Books I’ve looked at recently

1. How the Old World Ended, by Jonathan Scott. Just read a sample, and I may not have reached the meat of the book, which I believe is focused on political and cultural change. Looks like another try at what Charles Kindleberger used to call the “well-squeezed orange” of the history of the Industrial Revolution. Scott’s version prioritizes water transport as a stimulus to trade and political freedom as a stimulus to innovation. These elements first affect the Netherlands. Then they move to England, where they are amplified by natural resources (coal) and vast population expansion, including large settler populations in America.

2. The Power of Bad, by John Tierney and Roy F. Baumeister. Their main point is to advise us to lean against our tendency to focus on the negative. My favorite passage:

The modern world will always be in crisis because its wealth and freedom have created a crisis industry. In the agricultural era, society could afford to support just a few intellectuals, usually beholden to royal patrons who didn’t welcome criticism of their policies. . .But after the Industrial Revolution. . .a new class of secular doomsayers emerged armed with charts, theories, and printing presses.

Some other excerpts:

The precise term for the adults scaring these children is availability entrepreneurs. They’re the journalists, activists, academics, trial lawyers, and politicians who capitalize on the human tendency to gauge a danger according to how many examples are readily available in our minds.

The one bit of good news on September 11 was that this new terrorist threat to aviation was already obsolete [because pilots would not longer passively hand over control of a plane].

But the horror of the bad news overwhelmed everyone’s judgment. . .In its rush to protect travelers, Congress created a bloated bureaucracy to screen passengers, the Transportation Security Administration. . .squandered more than $50 billion over the next decade

In the experiment, people who saw the negative version of the review rated the critic as significantly more intelligent than did the people who read the positive version.

Blackmailers shake down hotel managers and restaurateurs by posting a bad review on TripAdvisor, Yelp, Google, or Facebook

The history of philosophy

That is the title of a book by A.C. Grayling. On page 417:

in all other areas of philosophy–ethics, theory of knowledge, political philosophy, aesthetics–the history of the subject continues to be a resource which enriches contemporary thinking. But in the philosophy of language there is relatively little, other than in the way of some suggestions and insights, that is not original to the twentieth century itself, and to its second half in particular.

Grayling seems to score this as a point for twentieth century philosophy, as his section on Analytic Philosophy covers 131 pages (out of 585 total), which is as much as he devotes to Plato and Aristotle plus everyone from Bacon to Hegel, put together. For me, that was like encountering a history of the New York Yankees that pays as much attention to the 1970s squad as it does to the Ruth, Dimaggio, and Mantle eras combined.

The book displays an amazing breadth of Grayling’s reading. I can see it as a monumental reference work. But as an actual history of philosophy it did not work for me.

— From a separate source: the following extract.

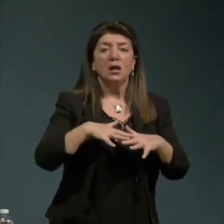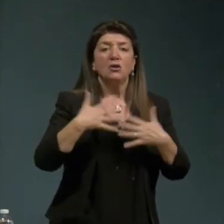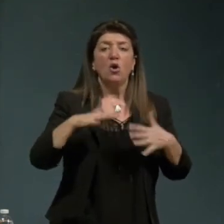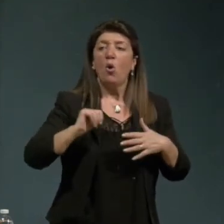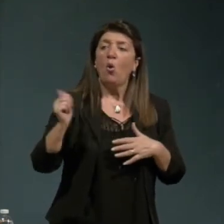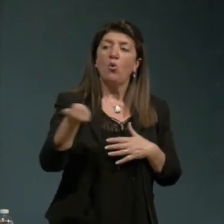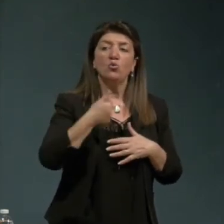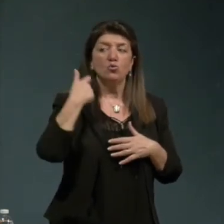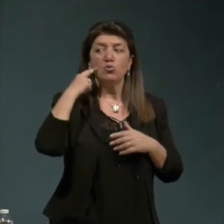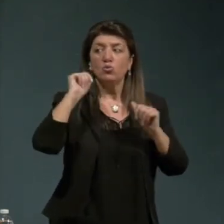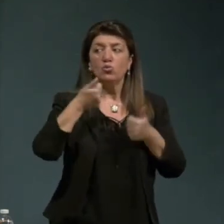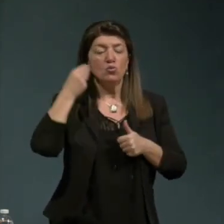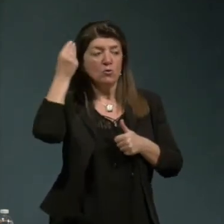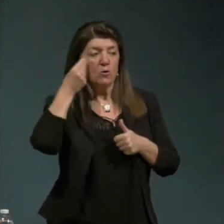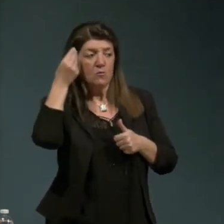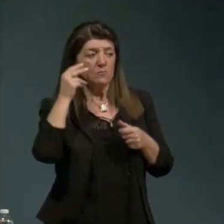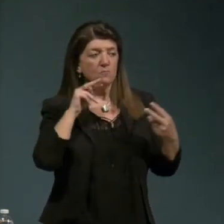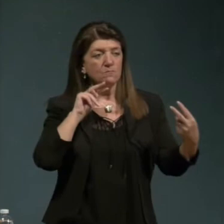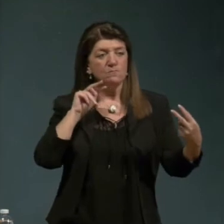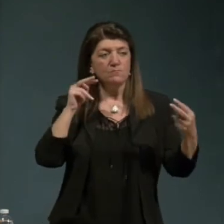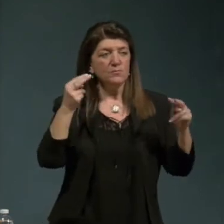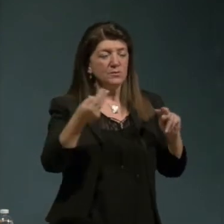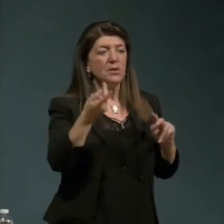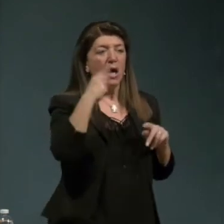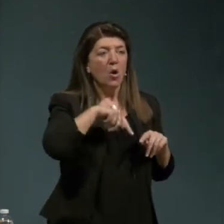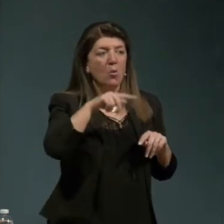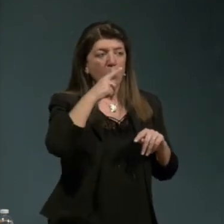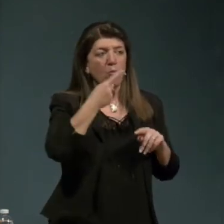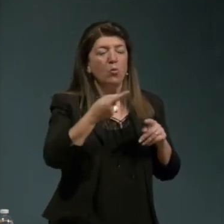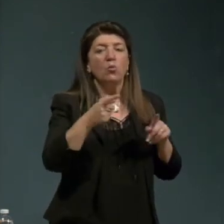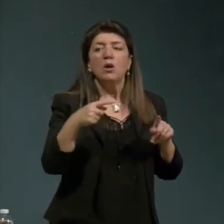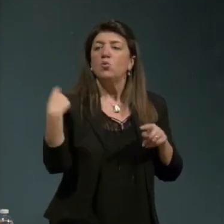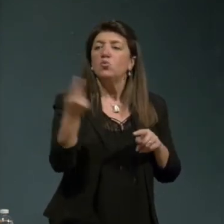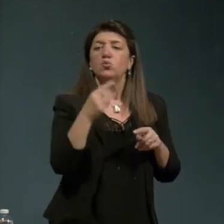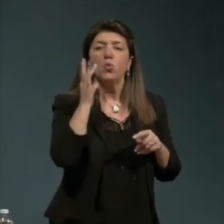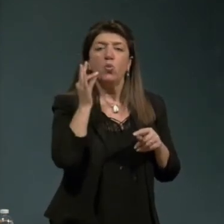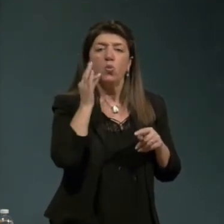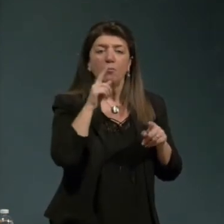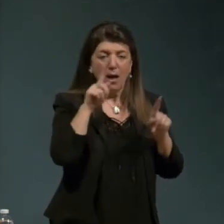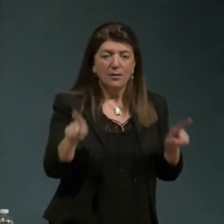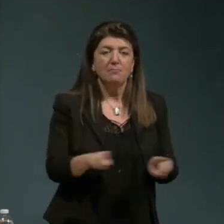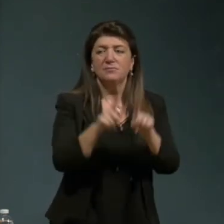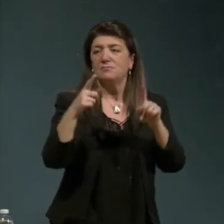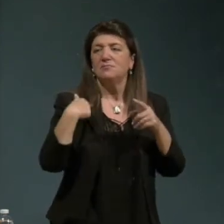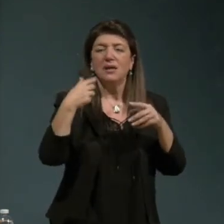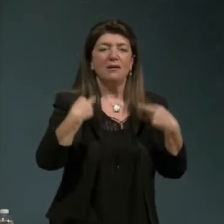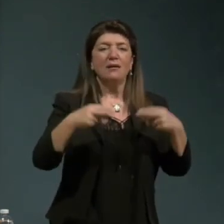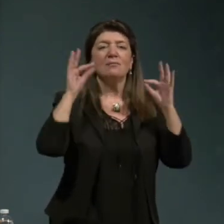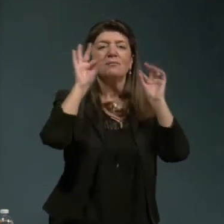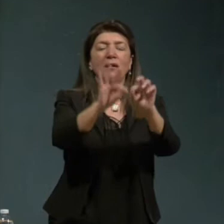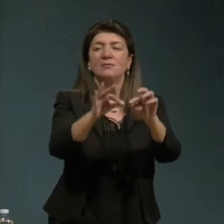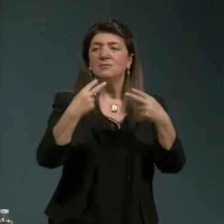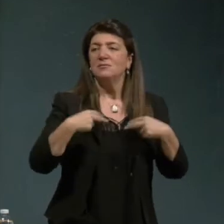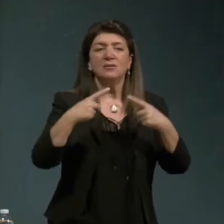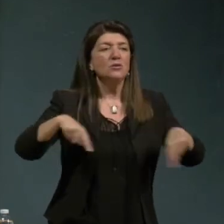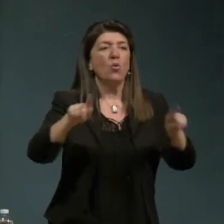e anche una comunità di destino di tutti gli umani e questo è la difficoltà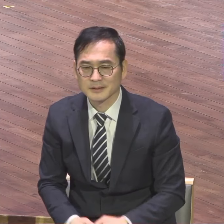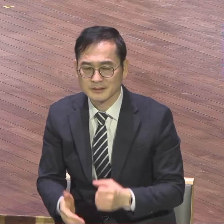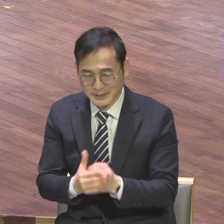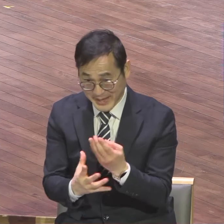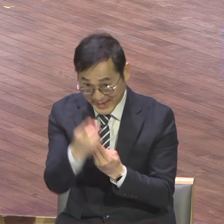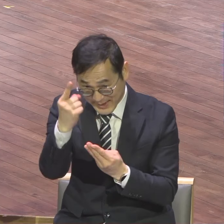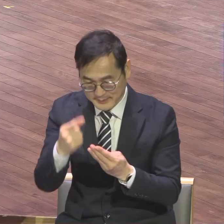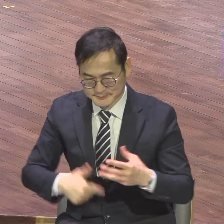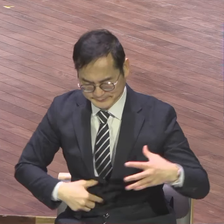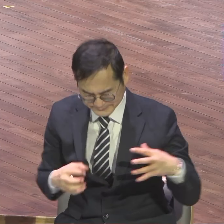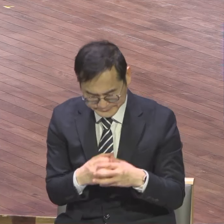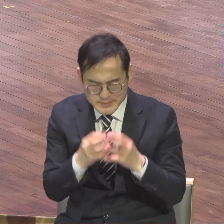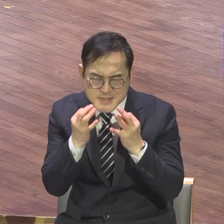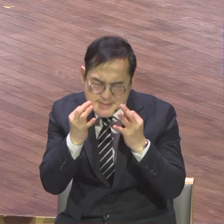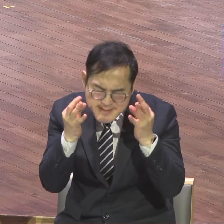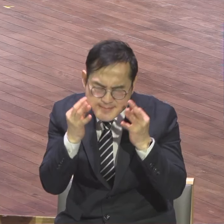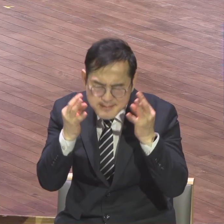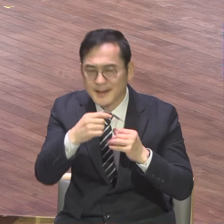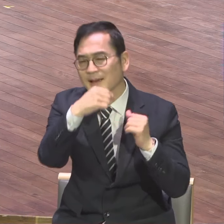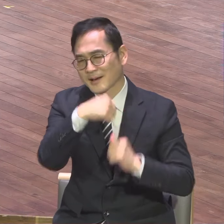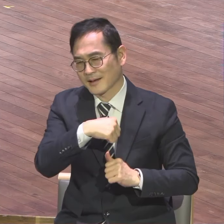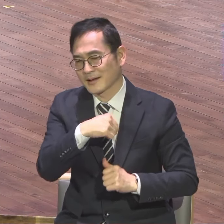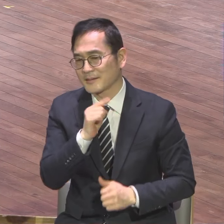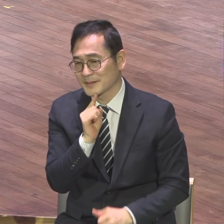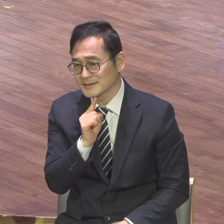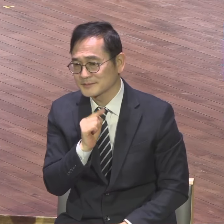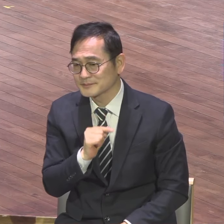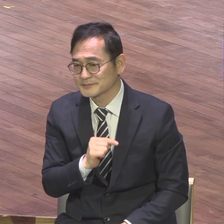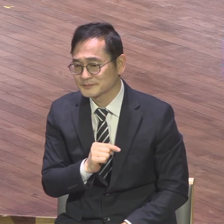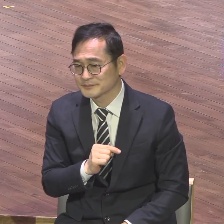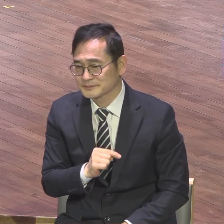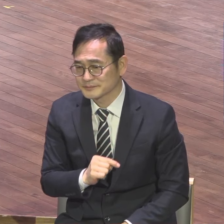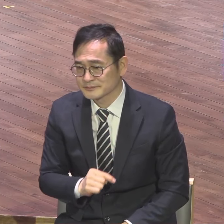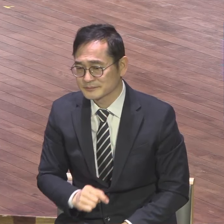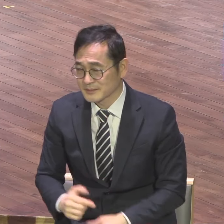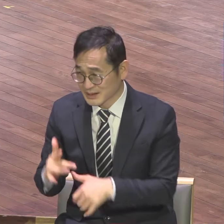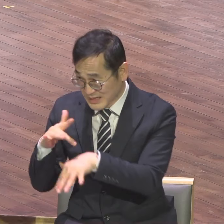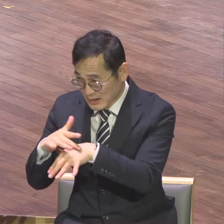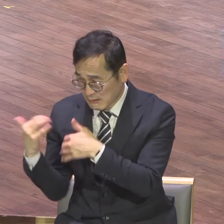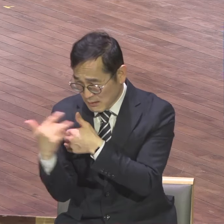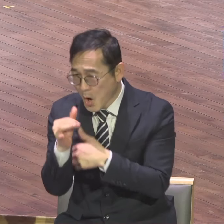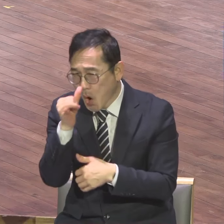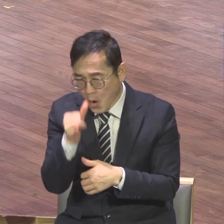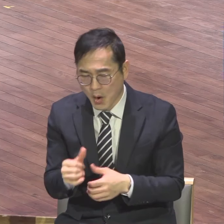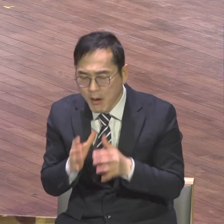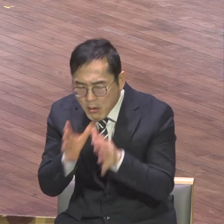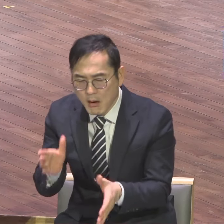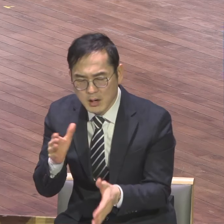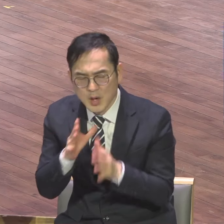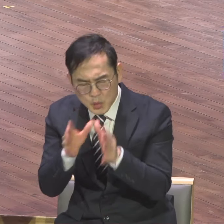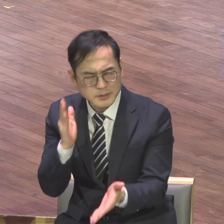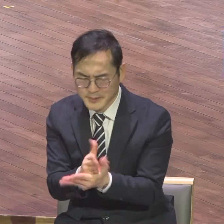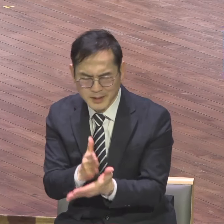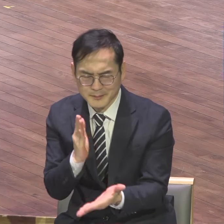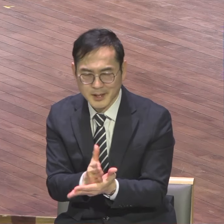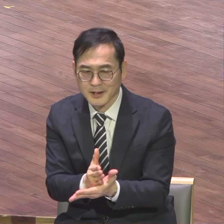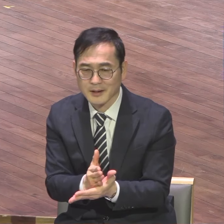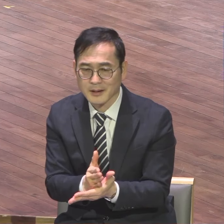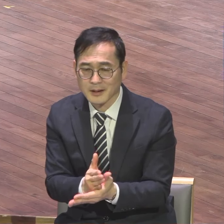있다. 여기에 속지 마라. 어떻게 하면 안 속아요? 어떻게 하면 안 속느냐고요?

UPDATE: Michael Huemer offers praise for Analytic Philosophy. Comparing it with continental philosophy, Huemer writes,

analytic phil is better. These things:

Clear theses
Clear, logical arguments
Direct responses to objections

Profits in financial markets

Reviewing Gregory Zuckerman’s book on the trading firm Renaissance Technologies, I write

Much of the book consists of tales of the gifted mathematicians who ran the firm, along with their foibles and conflicts. These are entertaining enough, but I want to focus instead on two deeper economic issues that arise from the story.

1) Does the success of Renaissance show that financial markets are inefficient?

2) Are the social benefits of the trading conducted by firms like Renaissance commensurate with the profits that they earned?

Europe in the 19th century

Alberto Mingardi paints a rose-colored picture.

While no government adhered religiously to the principles of laissez faire, nineteenth-century Europe represents perhaps the best approximation of the ideal. Free trade, championed by England, swept away most protectionist measures; durable goods and people moved virtually freely. Passports were viewed as relics of an odious past—only states like Russia and the Ottoman Empire issued them. A Victorian idea prevailed: individuals should put checks on themselves, without state interference. John Stuart Mill and Herbert Spencer became household names among the educated class. Europe thrived in a period unshackled by government controls, with millions able to afford new and more sophisticated goods, including products created by an ongoing technological revolution.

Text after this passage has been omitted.